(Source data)
********************

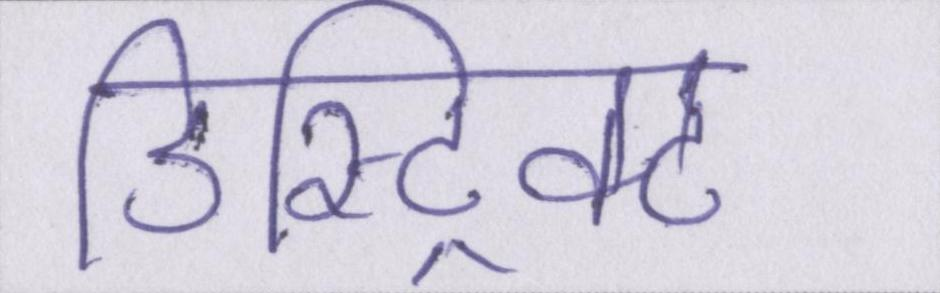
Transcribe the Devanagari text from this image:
डिस्ट्रिक्ट
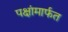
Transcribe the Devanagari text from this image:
पक्षांमार्फत
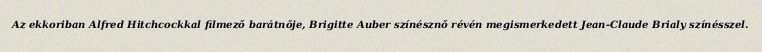
Az ekkoriban Alfred Hitchcockkal filmező barátnője, Brigitte Auber színésznő révén megismerkedett Jean-Claude Brialy színésszel.
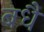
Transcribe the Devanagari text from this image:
बधै
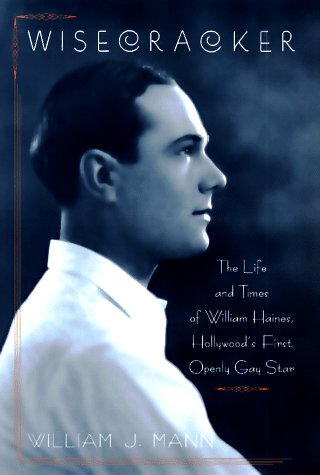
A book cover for Wisecracker: The Life and Times of William Haines, Hollywood's First Openly Gay Star; William J. Mann; Gay & Lesbian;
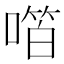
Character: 𫫝
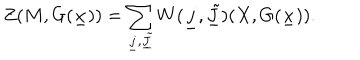
Z ( M , G ( \underline { { x } } ) ) = \sum _ { \underline { { j } } , \underline { { { \tilde { J } } } } } W ( \underline { { j } } , \underline { { { \tilde { J } } } } ) ( X , G ( \underline { { x } } ) ) .
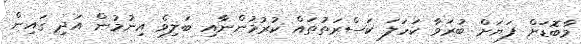
މާބޮޑަށް ފަޔަށް ބުރަވާ ކަހަލަ ކަސްރަތުތައް ކުރުމުންނާއި ބަލިވެ އިނުމުން އަދި ގައިން
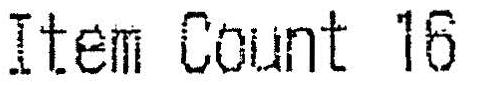
ITEM COUNT 16
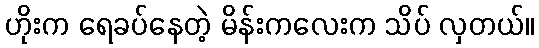
ဟိုးက ရေခပ်နေတဲ့ မိန်းကလေးက သိပ် လှတယ်။
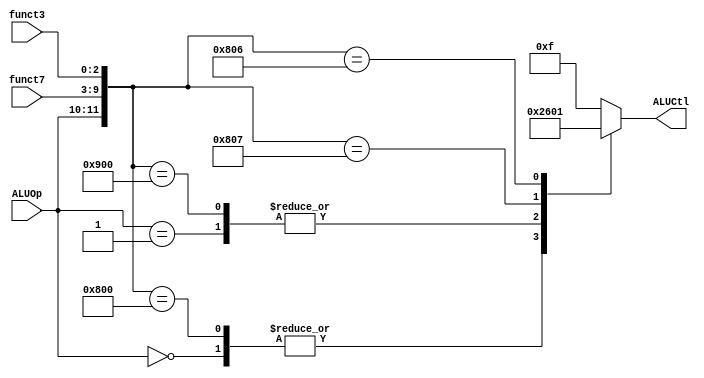
module aluControl(	input [1:0] ALUOp,
					input [6:0] funct7,
					input [2:0] funct3,
					output reg [3:0] ALUCtl);

	wire [11:0] concat;
	assign concat = {ALUOp, funct7, funct3};

	always @(*) begin
		casex(concat)
			12'b00xxxxxxxxxx: ALUCtl <= 4'b0010;
			12'b01xxxxxxxxxx: ALUCtl <= 4'b0110;
			12'b100000000000: ALUCtl <= 4'b0010;
			12'b100100000000: ALUCtl <= 4'b0110;
			12'b100000000111: ALUCtl <= 4'b0000;
			12'b100000000110: ALUCtl <= 4'b0001;
			default         : ALUCtl <= 4'b1111;
		endcase
	end
endmodule
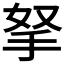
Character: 拏
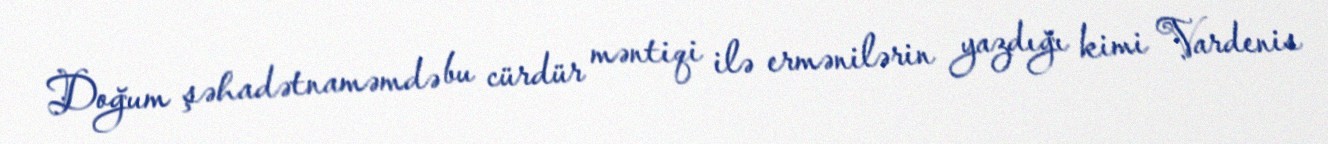
Doğum şəhadətnaməmdə bu cürdür məntiqi ilə ermənilərin yazdığı kimi Vardenis
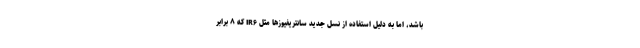
باشد، اما به دلیل استفاده از نسل جدید سانتریفیوزها مثل IR۶ که ۸ برابر
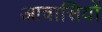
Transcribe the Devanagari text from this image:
आवासियों
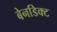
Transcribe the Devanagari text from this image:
बेनडिक्ट
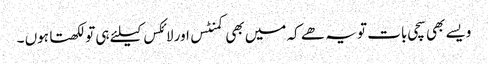
ویسے بھی سچی بات تو یہ ھے کہ میں بھی کمنٹس اور لائکس کیلئے ہی تو لکھتا ہوں ۔
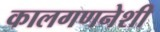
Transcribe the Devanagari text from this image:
कालगणनेशी
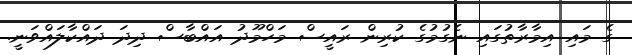
ގެ މައި އިމާރާތުގައި ނެގުމުގެ ކުރިން ރައީސް މަހްމޫދު އައްބާސް ދިދަ ދައްކާލައްވަނީ.
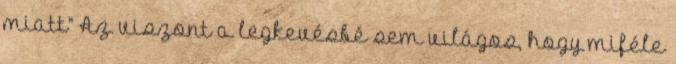
miatt” Az viszont a legkevésbé sem világos, hogy miféle
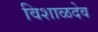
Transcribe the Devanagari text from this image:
विशाळदेव
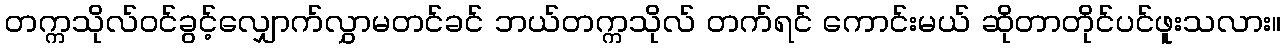
တက္ကသိုလ်ဝင်ခွင့်လျှောက်လွှာမတင်ခင် ဘယ်တက္ကသိုလ် တက်ရင် ကောင်းမယ် ဆိုတာတိုင်ပင်ဖူးသလား။
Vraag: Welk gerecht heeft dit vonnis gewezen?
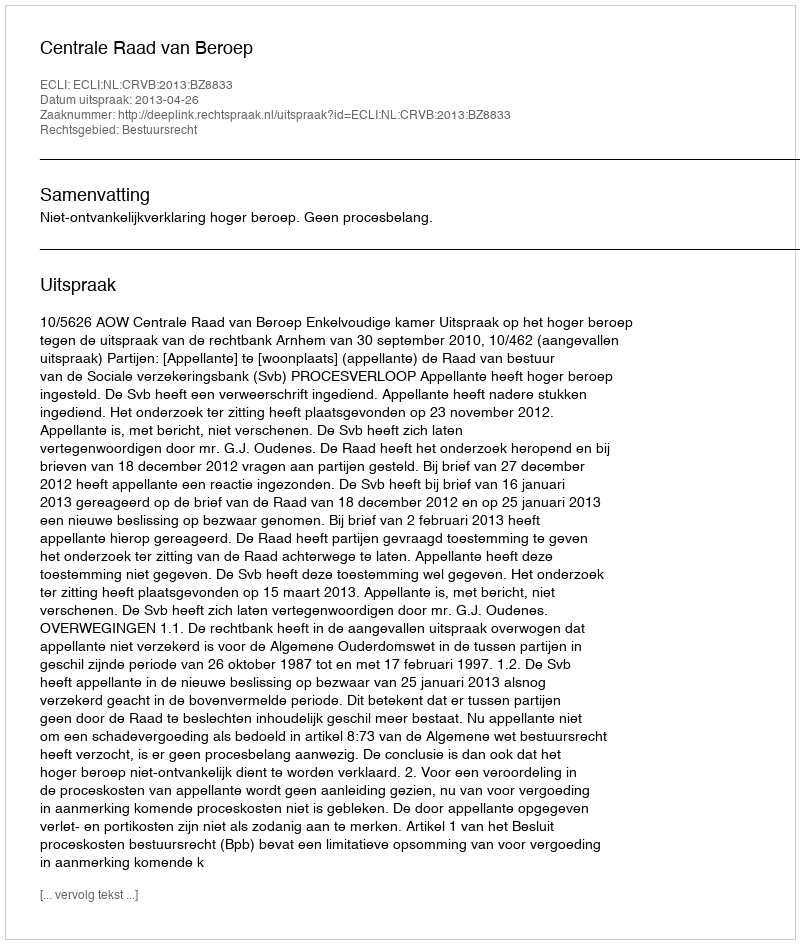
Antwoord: Centrale Raad van Beroep
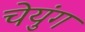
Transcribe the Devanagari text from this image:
चेयुंग
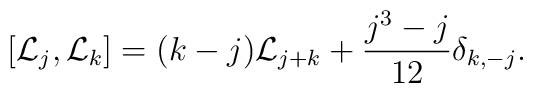
\left[{\cal L}_j,{\cal L}_k\right]=(k-j){\cal L}_{j+k} + {j^3-j\over 12}\delta_{k,-j}.
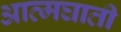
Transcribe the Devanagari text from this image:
अात्मघाती
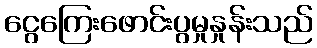
ငွေကြေးဖောင်းပွမှုနှုန်းသည်
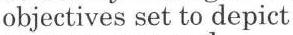
objectives set to depict
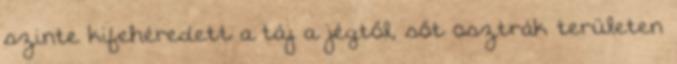
szinte kifehéredett a táj a jégtől, sőt osztrák területen
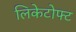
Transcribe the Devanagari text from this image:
लिकेटोफ्ट
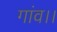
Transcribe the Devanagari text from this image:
गांव।।
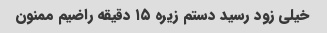
خیلی زود رسید دستم زیره ۱۵ دقیقه راضیم ممنون
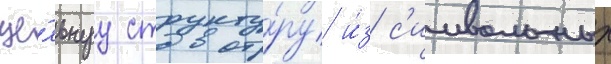
це́льнуу структу́ру и́з с'имвольных
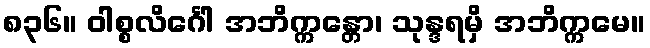
၈၃၆။ ဝါစ္စလိင်္ဂေါ အဘိက္ကန္တော၊ သုန္ဒရမှိ အဘိက္ကမေ။
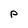
Character: p

********************

Task goal:
Copy out the data exactly and keep the pictures out.

Response to this exercise:
Transcribe the Devanagari text from this image:
डिस्ट्रिक्ट
Transcribe the Devanagari text from this image:
पक्षांमार्फत
Az ekkoriban Alfred Hitchcockkal filmező barátnője, Brigitte Auber színésznő révén megismerkedett Jean-Claude Brialy színésszel.
Transcribe the Devanagari text from this image:
बधै
A book cover for Wisecracker: The Life and Times of William Haines, Hollywood's First Openly Gay Star; William J. Mann; Gay & Lesbian;
Character: 𫫝
Z ( M , G ( \underline { { x } } ) ) = \sum _ { \underline { { j } } , \underline { { { \tilde { J } } } } } W ( \underline { { j } } , \underline { { { \tilde { J } } } } ) ( X , G ( \underline { { x } } ) ) .
މާބޮޑަށް ފަޔަށް ބުރަވާ ކަހަލަ ކަސްރަތުތައް ކުރުމުންނާއި ބަލިވެ އިނުމުން އަދި ގައިން
ITEM COUNT 16
ဟိုးက ရေခပ်နေတဲ့ မိန်းကလေးက သိပ် လှတယ်။
module aluControl(	input [1:0] ALUOp,
					input [6:0] funct7,
					input [2:0] funct3,
					output reg [3:0] ALUCtl);

	wire [11:0] concat;
	assign concat = {ALUOp, funct7, funct3};

	always @(*) begin
		casex(concat)
			12'b00xxxxxxxxxx: ALUCtl <= 4'b0010;
			12'b01xxxxxxxxxx: ALUCtl <= 4'b0110;
			12'b100000000000: ALUCtl <= 4'b0010;
			12'b100100000000: ALUCtl <= 4'b0110;
			12'b100000000111: ALUCtl <= 4'b0000;
			12'b100000000110: ALUCtl <= 4'b0001;
			default         : ALUCtl <= 4'b1111;
		endcase
	end
endmodule
Character: 拏
Doğum şəhadətnaməmdə bu cürdür məntiqi ilə ermənilərin yazdığı kimi Vardenis
باشد، اما به دلیل استفاده از نسل جدید سانتریفیوزها مثل IR۶ که ۸ برابر
Transcribe the Devanagari text from this image:
आवासियों
Transcribe the Devanagari text from this image:
बेनडिक्ट
ویسے بھی سچی بات تو یہ ھے کہ میں بھی کمنٹس اور لائکس کیلئے ہی تو لکھتا ہوں ۔
Transcribe the Devanagari text from this image:
कालगणनेशी
ގެ މައި އިމާރާތުގައި ނެގުމުގެ ކުރިން ރައީސް މަހްމޫދު އައްބާސް ދިދަ ދައްކާލައްވަނީ.
miatt” Az viszont a legkevésbé sem világos, hogy miféle
Transcribe the Devanagari text from this image:
विशाळदेव
တက္ကသိုလ်ဝင်ခွင့်လျှောက်လွှာမတင်ခင် ဘယ်တက္ကသိုလ် တက်ရင် ကောင်းမယ် ဆိုတာတိုင်ပင်ဖူးသလား။
Vraag: Welk gerecht heeft dit vonnis gewezen?
Antwoord: Centrale Raad van Beroep
Transcribe the Devanagari text from this image:
चेयुंग
\left[{\cal L}_j,{\cal L}_k\right]=(k-j){\cal L}_{j+k} + {j^3-j\over 12}\delta_{k,-j}.
Transcribe the Devanagari text from this image:
अात्मघाती
ငွေကြေးဖောင်းပွမှုနှုန်းသည်
objectives set to depict
szinte kifehéredett a táj a jégtől, sőt osztrák területen
Transcribe the Devanagari text from this image:
लिकेटोफ्ट
Transcribe the Devanagari text from this image:
गांव।।
خیلی زود رسید دستم زیره ۱۵ دقیقه راضیم ممنون
це́льнуу структу́ру и́з с'имвольных
၈၃၆။ ဝါစ္စလိင်္ဂေါ အဘိက္ကန္တော၊ သုန္ဒရမှိ အဘိက္ကမေ။
Character: p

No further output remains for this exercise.